Paleoglacial records from Kavron Valley, NE Turkey: Field and cosmogenic exposure dating evidence

Abstract

Kavron Valley lies in the Kaçkar Mountain range of northeastern Anatolia and is a north–south-oriented, typically U-shaped glacial valley consisting of a main and three tributary valleys. The Quaternary units that outcrop in this valley have been mapped and 22 samples have been processed for surface exposure dating using cosmogenic ¹⁰Be. According to the ¹⁰Be ages, the advance of the Kavron Paleoglacier began at least 26.0±1.2 kyr ago, with the Last Glacial Maximum (LGM) advance continuing until 18.3±0.9 kyr. After this time the Kavron Paleoglacier receded, although the magnitude of this recession is still unknown. Subsequent to this retreat, the glacier most probably separated into three smaller glaciers that were restricted to the tributary valleys (Ifrit, Derebaşı and Mezovit Paleoglaciers). The main valley was definitely ice-free by 15.5±0.7 kyr ago, with the Mezovit Paleoglacier completing its recession around 15.5±0.6 kyr. A Late Glacial advance took place around 13.0±0.8 to 11.5±0.8 kyr, and Little Ice Age moraines appear to be absent. Our results from the Kavron Valley system seem to be consistent with the LGM paleoclimate record of Anatolia, which has been delineated by data gathered from lowlands and lakes, the deposition of red clay layers in the northwestern Black Sea and the deposition of Heinrich 1 layers in the North Atlantic.

Introduction

Paleoglacial research on the last glacial cycle bound by the Last Interglacial and the Holocene depends directly on an understanding of the complexities of actual atmospheric circulation patterns and their variability. This simple observation holds especially true for Anatolia, which is situated in the Eastern Mediterranean Region between 36°–42°N and 26°–45°E. Anatolia is extremely sensitive to even minor changes in the influence of each system resulting in precipitation changes. As glaciers react sensitively to changes in temperature, moisture and radiation balance, their changes in mass balance provide a geological record and so constitute a direct geoarchive of climate change. Glacial deposits are located in the Black Sea, the Taurus and Eastern Anatolian Mountains, Uludağ and on isolated extinct volcanic cones in the interior, such as Mount Erciyes, Süphan and Ararat (Çiner, 2004; Akçar and Schlüchter, 2005 and references therein).

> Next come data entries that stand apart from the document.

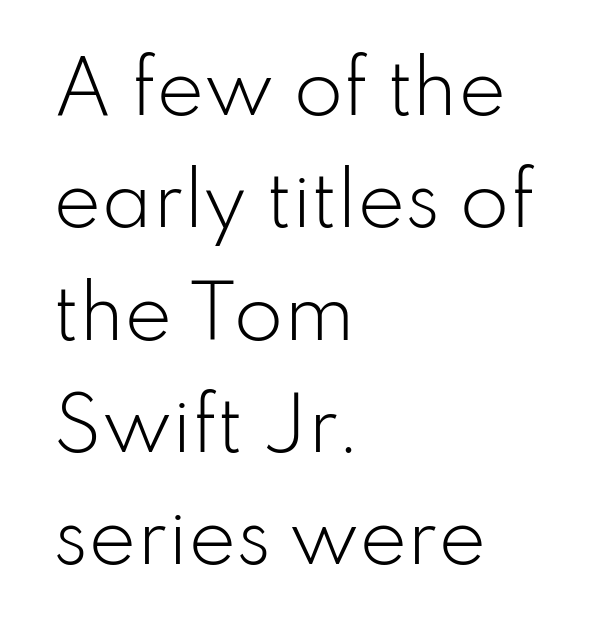
Is the type heavy? It reads as light-to-regular instead. No extra tracking has been applied to these lines. Varying glyph widths throughout — classic text-font behaviour. Decoration check: the copy has no underline. Classification — sans serif. Line starts are locked; line ends wander.
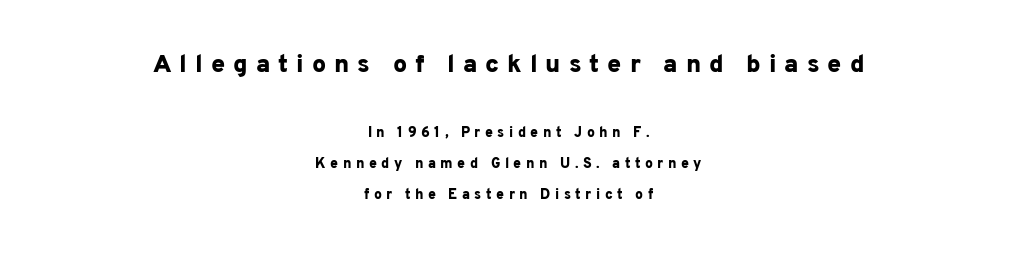
Words appear elongated and porous because spacing is wide. Reading top to bottom, the characters get smaller at the block break. The face used here has the dense, thick strokes of a bold. This rendering uses center alignment, leaving both contours irregular but symmetric.
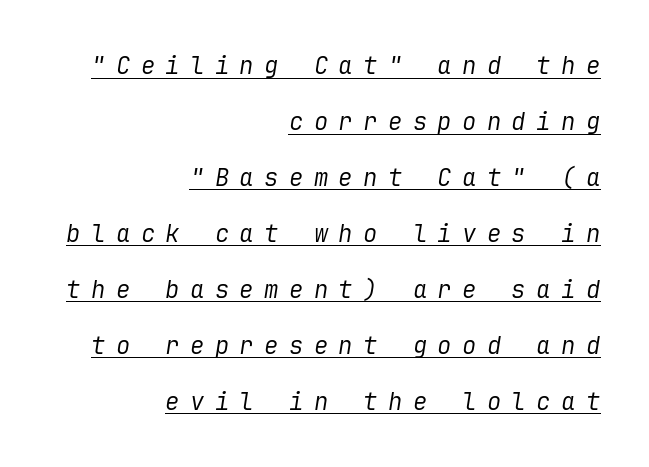
Q: Is the text bold? A: No.
Q: Is the text italic (slanted)? A: Yes, it leans right by about 9 degrees.
Q: Is the text underlined? A: Yes.
Q: How is the paragraph aligned? A: Right-aligned.
Q: Is the spacing between letters normal or unusually wide? A: Unusually wide.
Q: Is the spacing between lines tight, normal or loose? A: Loose.
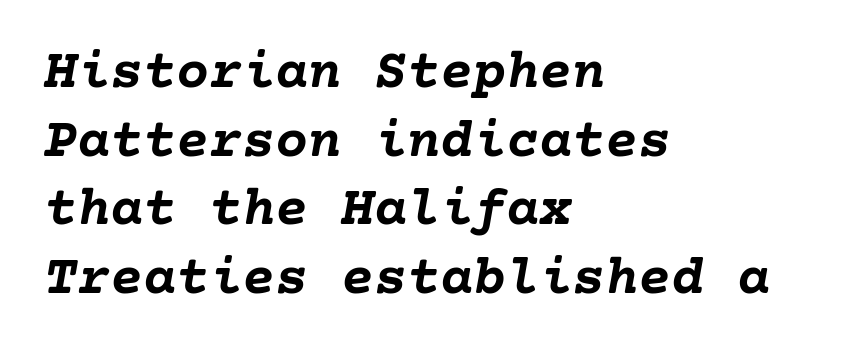
Q: Is the text bold? A: Yes.
Q: Is the text italic (slanted)? A: Yes, it leans right by about 10 degrees.
Q: Is the text underlined? A: No.
Q: How is the paragraph aligned? A: Left-aligned.
Q: Is the spacing between letters normal or unusually wide? A: Normal.
Q: Is the spacing between lines tight, normal or loose? A: Normal.
Q: Width (condensed, normal, or wide)? A: Normal.
Q: Stroke contrast? A: Low.
Q: x-height? A: Medium.
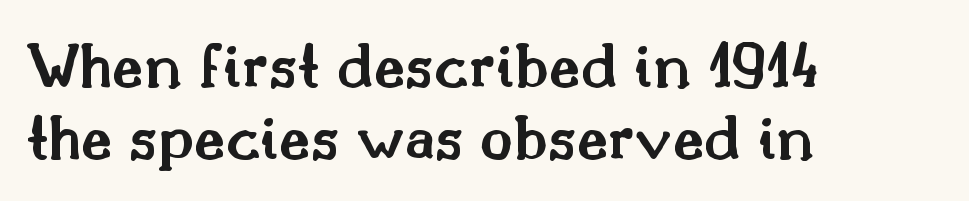
The image shows 68 px semibold serif type, upright; set left-aligned, tight line spacing (1.06x), normal letter spacing, not underlined; medium stroke contrast and a small x-height.
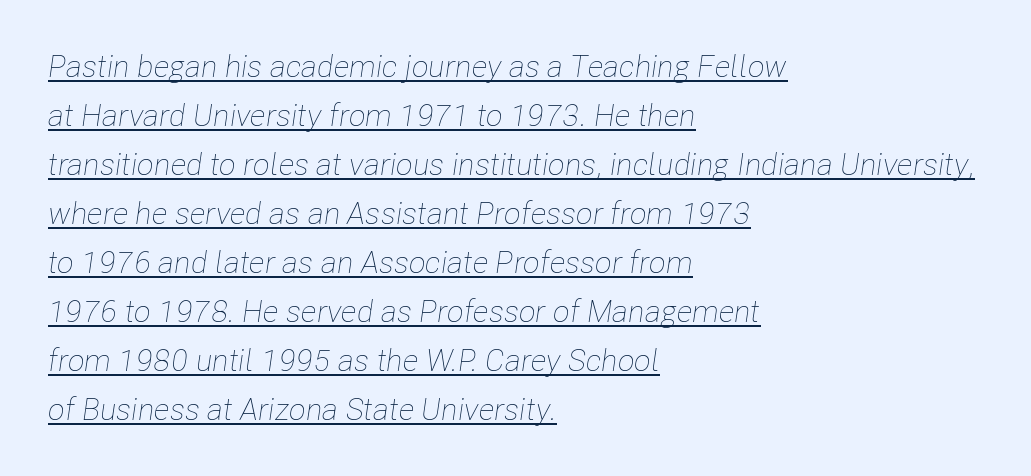
{"italic": "yes", "lean": "right", "slant_degrees": 8, "bold": "no", "weight": "thin", "width": "condensed", "stroke_contrast": "low", "x_height": "medium", "monospaced": "no", "underline": "yes", "align": "left", "line_spacing": "normal", "line_spacing_ratio": 1.58, "letter_spacing": "normal", "letter_spacing_em": 0.0, "glyph_px": 31}
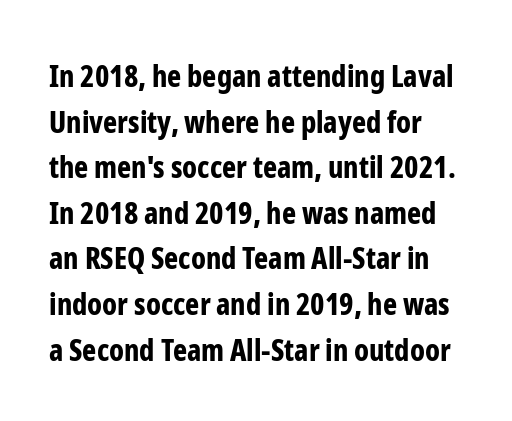
Q: Is the text bold? A: Yes.
Q: Is the text italic (slanted)? A: No, it is upright.
Q: Is the typeface a serif or a sans-serif typeface? A: Sans-serif.
Q: Is the text underlined? A: No.
Q: Is the spacing between letters normal or unusually wide? A: Normal.
Q: Is the spacing between lines tight, normal or loose? A: Normal.
Q: Width (condensed, normal, or wide)? A: Condensed.
Q: Stroke contrast? A: Low.
Q: x-height? A: Medium.
Q: Monospaced? A: No.
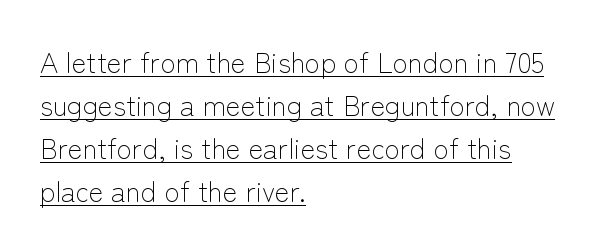
Q: Is the text bold? A: No.
Q: Is the text italic (slanted)? A: No, it is upright.
Q: Is the typeface a serif or a sans-serif typeface? A: Sans-serif.
Q: Is the text underlined? A: Yes.
Q: How is the paragraph aligned? A: Left-aligned.
Q: Is the spacing between letters normal or unusually wide? A: Normal.
Q: Is the spacing between lines tight, normal or loose? A: Normal.
Q: Width (condensed, normal, or wide)? A: Normal.
Q: Stroke contrast? A: Low.
Q: x-height? A: Medium.
Q: Monospaced? A: No.
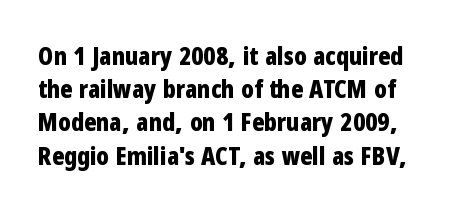
{"italic": "no", "bold": "yes", "underline": "no", "line_spacing": "normal", "line_spacing_ratio": 1.33, "letter_spacing": "normal", "letter_spacing_em": 0.0, "glyph_px": 25}
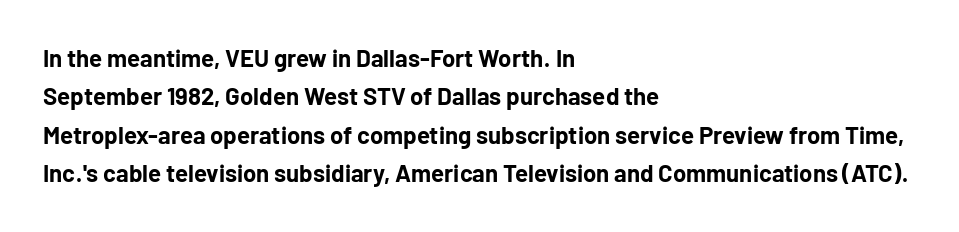
Q: Is the text bold? A: Yes.
Q: Is the text italic (slanted)? A: No, it is upright.
Q: Is the text underlined? A: No.
Q: How is the paragraph aligned? A: Left-aligned.
Q: Is the spacing between letters normal or unusually wide? A: Normal.
Q: Is the spacing between lines tight, normal or loose? A: Normal.
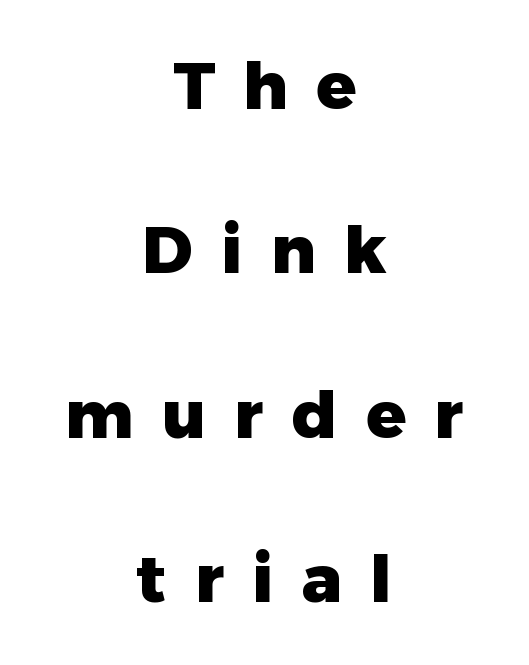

The Last Glacial Maximum (LGM) is the period, when the most recent glacial cycle was at its peak with maximum global ice volume during Marine Isotope Stage 2 (MIS2) (Martinson et al., 1987). This glaciation is extensively mapped and referred to as Wisconsinian, Weichselian or Wurmian, depending on the location of studies in North America, northern Europe or the Alps. Respectively, the first observations on the presence of glaciers and glacial deposits in the Eastern Black Sea Mountains were made in the 1840s, although scientific studies did not begin until the 20th century with their description and mapping. However, these early reports rely mostly on general observations and theoretical assumptions rather than on direct field data (Kayan, 1999; Akçar and Schlüchter, 2005 and references therein). Due to the lack of detailed mapping and dating in paleoglaciation studies in Turkey, the timing of the LGM still remains open there. The determination of the positions of the jet streams and jet maxima during glaciations (especially during the LGM) is crucial in order to understand the transport of moisture during cold periods in the Eastern Mediterranean Region. This can be done by identifying the amplitude and frequency of paleoglacier advances in Anatolia, and can be done by the mapping of geometry and the dating of prior ice bodies. This study has taken the Quaternary units of the Kavron Valley in the Eastern Black Sea Mountains (Fig. 1), mapping them in detail and using cosmogenic ¹⁰Be for the surface exposure dating of 22 granitic samples, (1) to produce the first dating of the Quaternary paleoglaciations from Turkey, (2) to establish the chronology of the Quaternary paleoglaciations and (3) to deduce implications on the Quaternary paleoclimate of Anatolia and on the paleo-atmospheric circulation patterns.